Reproduce the whole listing below without its pictures, exactly as written.
***** SOURCE DATA
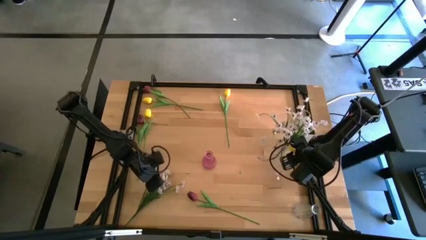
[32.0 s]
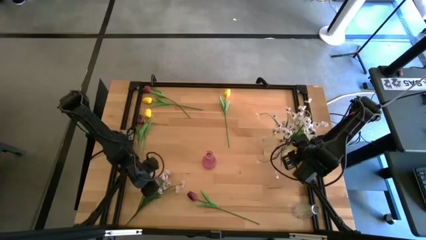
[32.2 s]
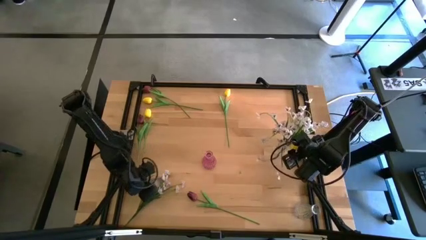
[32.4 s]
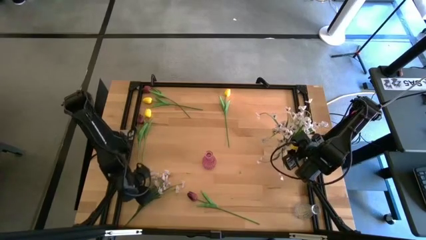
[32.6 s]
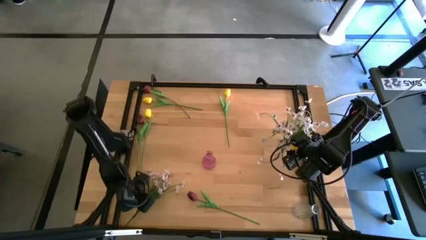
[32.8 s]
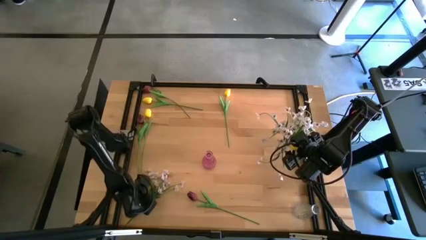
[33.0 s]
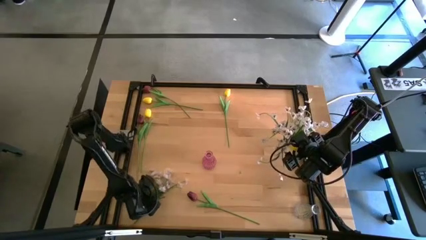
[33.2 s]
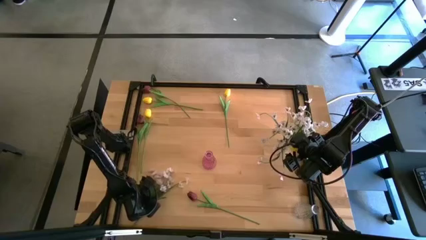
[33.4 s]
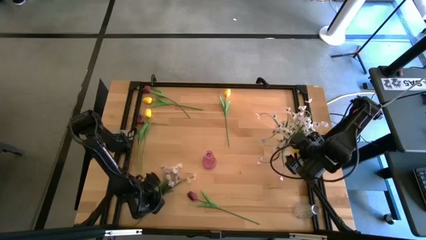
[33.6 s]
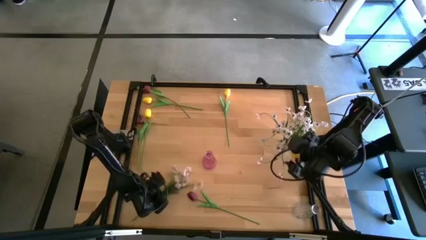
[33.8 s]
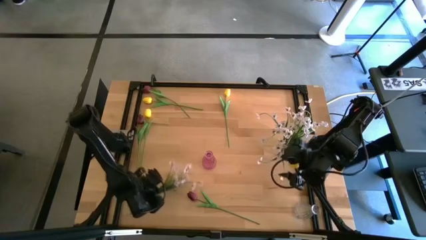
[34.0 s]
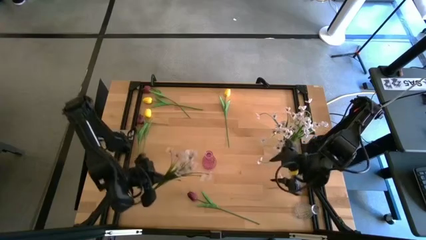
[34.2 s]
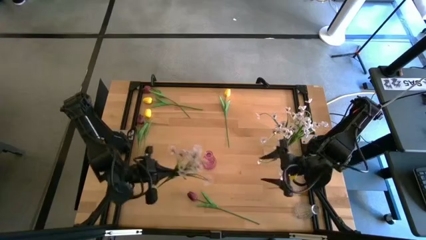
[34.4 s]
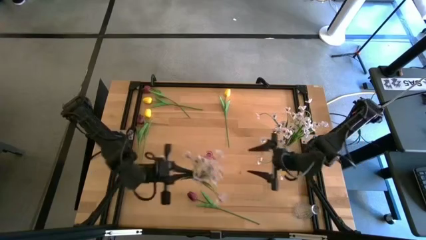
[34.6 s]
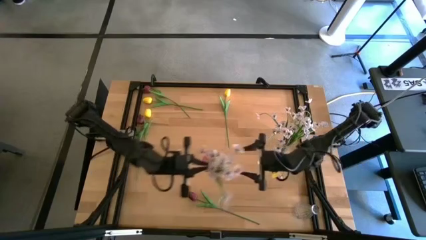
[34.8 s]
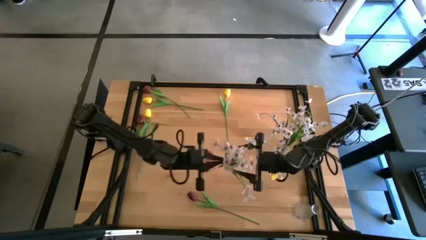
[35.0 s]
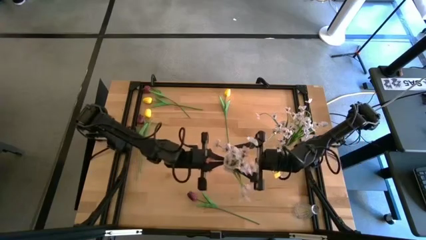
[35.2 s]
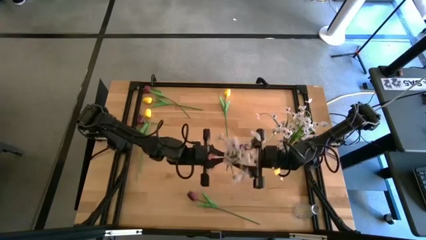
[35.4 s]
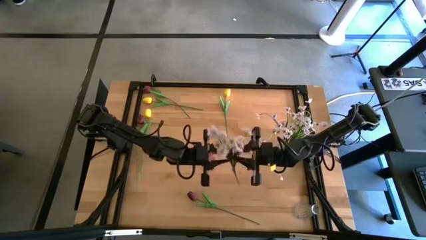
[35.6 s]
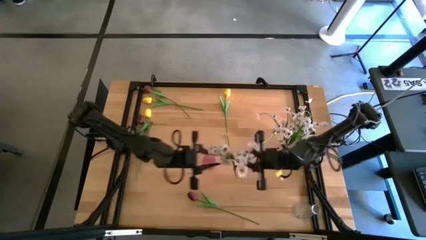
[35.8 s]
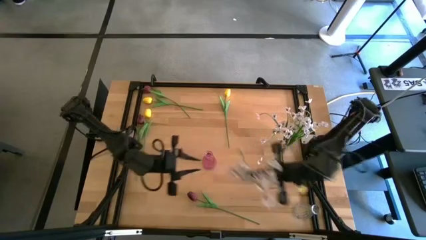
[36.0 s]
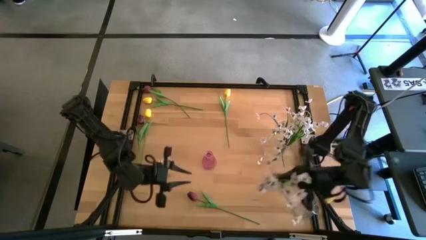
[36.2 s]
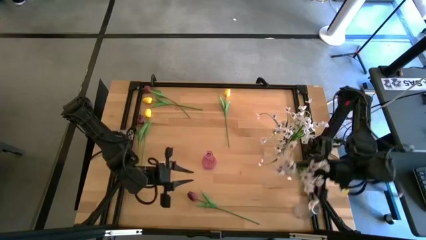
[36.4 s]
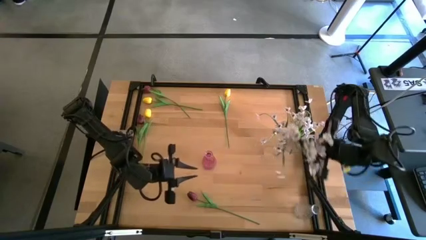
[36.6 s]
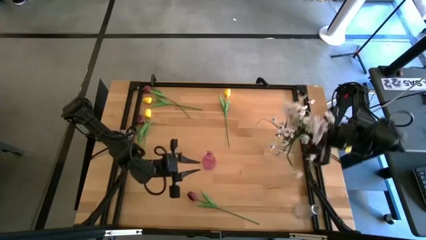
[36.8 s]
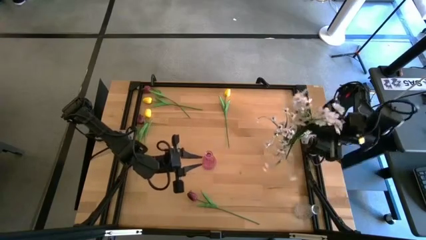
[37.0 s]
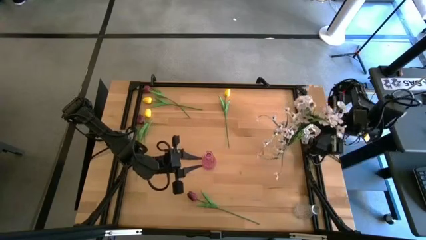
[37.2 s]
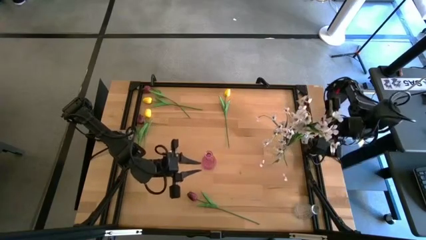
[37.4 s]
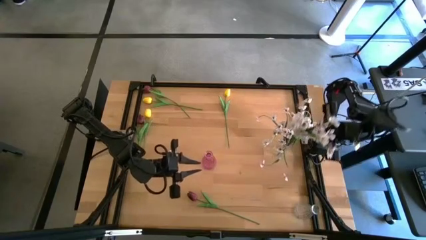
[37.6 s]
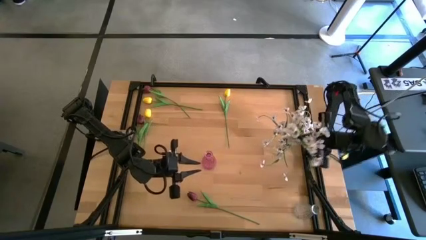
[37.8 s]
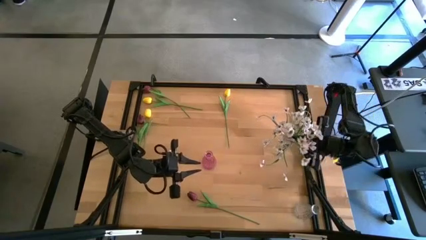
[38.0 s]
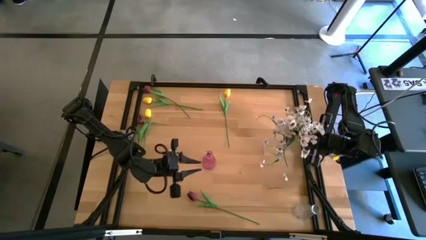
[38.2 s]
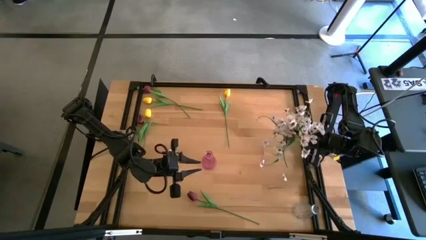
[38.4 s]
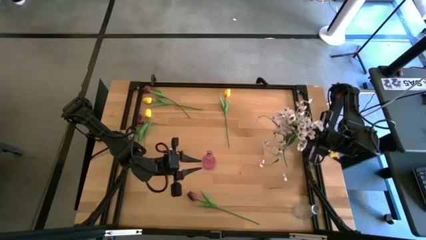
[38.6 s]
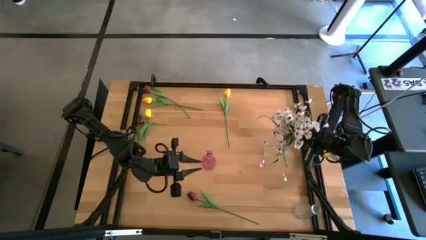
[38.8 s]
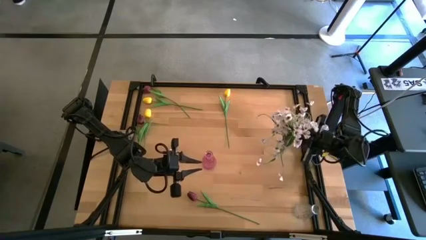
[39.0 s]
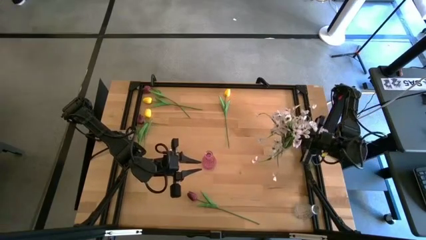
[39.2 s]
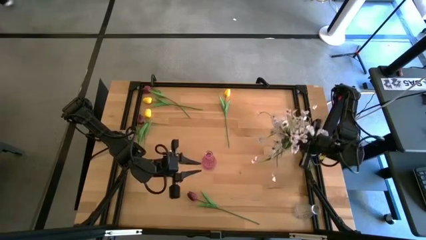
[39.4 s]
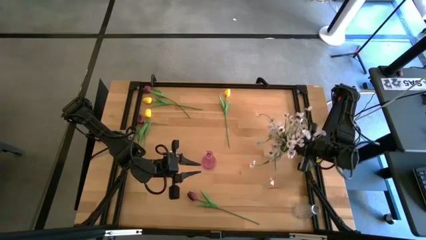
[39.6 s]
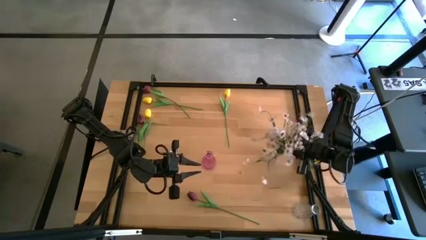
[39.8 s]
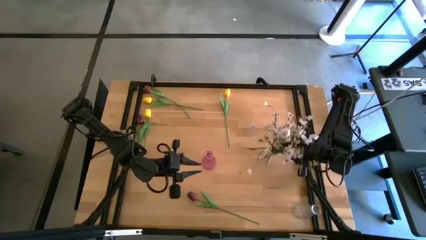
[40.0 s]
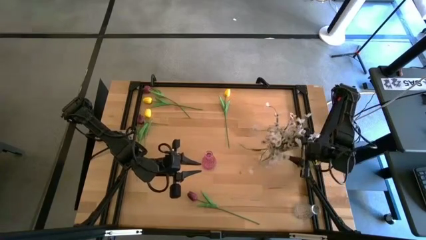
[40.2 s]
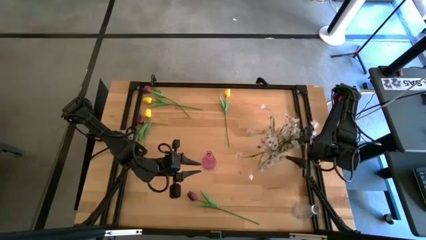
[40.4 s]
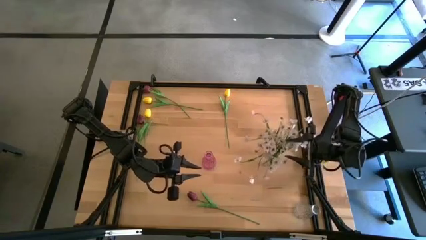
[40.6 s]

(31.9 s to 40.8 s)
Put the white flowers into the top transparent vase
**********
» **RESPONSE**
[32.0 s]
[32.2 s]
[32.4 s]
[32.6 s]
[32.8 s]
[33.0 s]
[33.2 s]
[33.4 s]
[33.6 s]
[33.8 s]
[34.0 s]
[34.2 s]
[34.4 s]
[34.6 s]
[34.8 s]
[35.0 s]
[35.2 s]
[35.4 s]
[35.6 s]
[35.8 s]
[36.0 s]
[36.2 s]
[36.4 s]
[36.6 s]
[36.8 s]
[37.0 s]
[37.2 s]
[37.4 s]
[37.6 s]
[37.8 s]
[38.0 s]
[38.2 s]
[38.4 s]
[38.6 s]
[38.8 s]
[39.0 s]
[39.2 s]
[39.4 s]
[39.6 s]
[39.8 s]
[40.0 s]
[40.2 s]
[40.4 s]
[40.6 s]

(31.9 s to 40.8 s)
Put the white flowers into the top transparent vase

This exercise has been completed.